The Natick medical device maker said it paid chief executive J. Raymond Elliott, who replaced former CEO James Tobin last summer, $33.5 million in total compensation last year, making him one of region’s highest-paid corporate leaders.

Elliott’s pay package includes a salary of more than $598,000 for six months, a $1.5 million signing bonus, nearly $608,000 in other incentive awards, and $29.4 million in stock awards and options that will vest over the next few years. He also received other benefits, including a $12,500 executive allowance, nearly $198,000 for personal use of the corporate jet, and more than $1 million in relocation expenses.

Tobin, who retired last year after running the medical device company for about a decade, earned $13.7 million last year, roughly six times his pay level in 2007 and 2008.

And by the way, the compensation paid both these men did not exactly correlate with the company's financial, as opposed to ethical performance:
In February, the company agreed to pay $1.7 billion to settle patent infringement charges from rival Johnson & Johnson.

And for years, the company has struggled with anemic sales growth. Last year, the company reported it lost $1 billion, its fourth straight year in the red. Sales rose 2 percent to $8.2 billion.

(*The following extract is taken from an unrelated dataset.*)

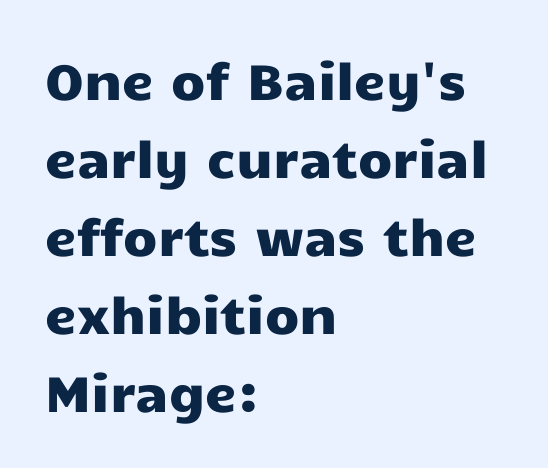
{"serif": "no", "italic": "no", "width": "wide", "stroke_contrast": "low", "x_height": "medium", "monospaced": "no", "underline": "no", "align": "left", "line_spacing": "normal", "line_spacing_ratio": 1.56, "letter_spacing": "normal", "letter_spacing_em": 0.0, "glyph_px": 50}
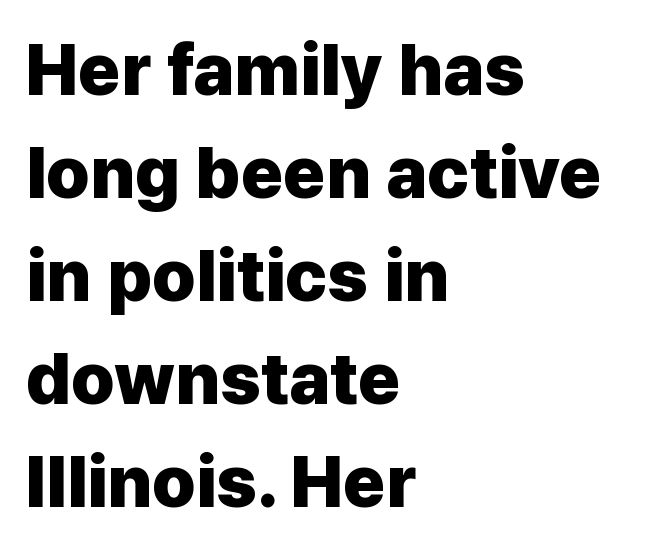
The lines sit at an ordinary, default distance from one another. Nobody touched the tracking dial on this one. Spacing verdict: proportional, widths tailored to each character. Regarding serifs, this sample does without them.

The company’s stock rose 16 percent in 2009, reflecting the broader stock market recovery. But shares have slipped 20 percent this year.

You just cannot make this stuff up.

How could the company possible justify paying over $30 million for half a year's work by its CEO at a time when the company is facing multiple investigations, has had to settle civil cases and criminal charges, has had to stop production of one of its most important products due to its failure to meet regulatory requirments, and has lost money for four years? 

This illustrates how leaders of big health care organizations are able to make themselves extremely rich at the expense of share-holders, employees, patients, and ultimately society, completely out of proportion to any claims they can make about their or their companies' performance.  This indicates the collective lack of accountability of many health care leaders, and the perverse incentives that now drive health care. 

But is it any wonder that health care costs continue to rise uncontrollably? Once again, I submit that true health care reform needs to make health care leaders accountable, and subject to clear ethical standards, and to eliminate the sorts of perverse incentives that are transforming them (and other corporate CEOs) into a new aristocracy.  Without such measures, we in the US may have near universal health care insurance, but soon no one will be able to afford access to any sort of quality health care. 

1 comment:

Anonymous said...

Here in Canton, Ohio the long awaited trial between Aultman Health Foundation and Mercy Medical has finally begun. Per the March 28 Canton repository:

Hospital clash has sides prepped for long trial

By Shane Hoover

“After more than two years of legal maneuvering, the case is about to go to trial. The first phase of jury selection is scheduled to begin Tuesday. Six hundred prospective jurors have been called for the trial, expected to last eight to 10 weeks.

Central to the dispute is the Aultman defendants’ practice, begun in 1997, of paying independent insurance brokers bonuses in addition to regular commissions if they brought new clients to the AultCare and McKinley Life insurance plans.

Brokers act as middlemen who match businesses with insurance providers. Confidentiality agreements required brokers to keep the Aultman bonuses secret, even from their clients.

Mercy says the payments were an illegal scheme to steer business to Aultman’s hospital and insurance plans, and that Aultman Health Foundation improperly used its tax-exempt, not-for-profit status to subsidize for-profit subsidiaries and fund the broker payments.”

On a number of occasions the local press has attempted to find out the compensation of the leadership of Aultman, only to be told it is proprietary information being held for competitive reasons. It will be interesting to see if as part of this process we will finally get to see just how much the leadership of this nonprofit receives.